Longobardia (em grego: Λογγοβαρδία) é a denominação bizantina utilizada para descrever os territórios controlados pelos lombardos na península Itálica. Nos séculos IX e X, foi também o nome do thema (província civil-militar) mais conhecido como Thema Longobardo localizado no sudeste da península.

História[editar | editar código-fonte]

O termo foi tradicionalmente utilizado para as possessões lombardas, com o cronista Teófanes, o Confessor, fazendo a distinção entre a "Grande Longobardia" (em grego: Μεγάλη Λογγοβαρδία; em latim: Longobardia major), o Reino Lombardo no norte da Itália, e a "Lombardia Menor" (em latim: Longobardia minor), que abrangia o sudeste da Itália - os ducados lombardos de Espoleto, Salerno e Cápua -, as possessões bizantinas e as cidades-estado da região (Nápoles, Gaeta e Amalfi), que estavam sob a suserania bizantina[1] [2] .

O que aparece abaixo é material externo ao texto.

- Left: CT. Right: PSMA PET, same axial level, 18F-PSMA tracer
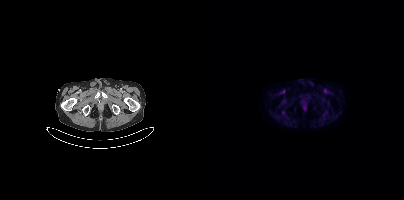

No seu sentido mais estrito e técnico, o termo faz referência ao thema bizantino que abrangia a moderna região italiana da Apúlia e partes de Basilicata, com Bari como capital. Sua origem exata e sua evolução não ficam claras nas fontes. Sua fundação, talvez como uma divisão subordinada (turma) do Thema de Cefalênia data de por volta de 876, quando Bari foi recuperada pelos bizantinos, que utilizaram a cidade como base para re-estabelecer seu controle sobre a Itália meridional, que havia sido perdida nos séculos anteriores para os árabes e os lombardos[3] . No final do século IX, parece que o thema era administrado de forma conjunta com outros themata europeus do Império Bizantino[4] : em 891, o primeiro estratego de Longobardia, Simbático, era também governador dos themata Macedônio, Trácio e Cefalênio[5] . Um estratego exclusivo só aparece a partir de 911[4] . Em 938 e 956, o thema aparece também unido ao Thema Calabrês, embora a duração deste arranjo não seja conhecida. De qualquer forma, após circa 965, os dois themata foram permanentemente unidos no novo Catapanato da Itália, com sede em Bari[2] [4] .

Referências

  1. Kazhdan 1991, pp. 1249–1250.
  2. a b Pertusi 1952, p. 181
  3. Kazhdan 1991, pp. 256, 1250.
  4. a b c Kazhdan 1991, p. 1250.
  5. Pertusi 1952, p. 180

Bibliografia[editar | editar código-fonte]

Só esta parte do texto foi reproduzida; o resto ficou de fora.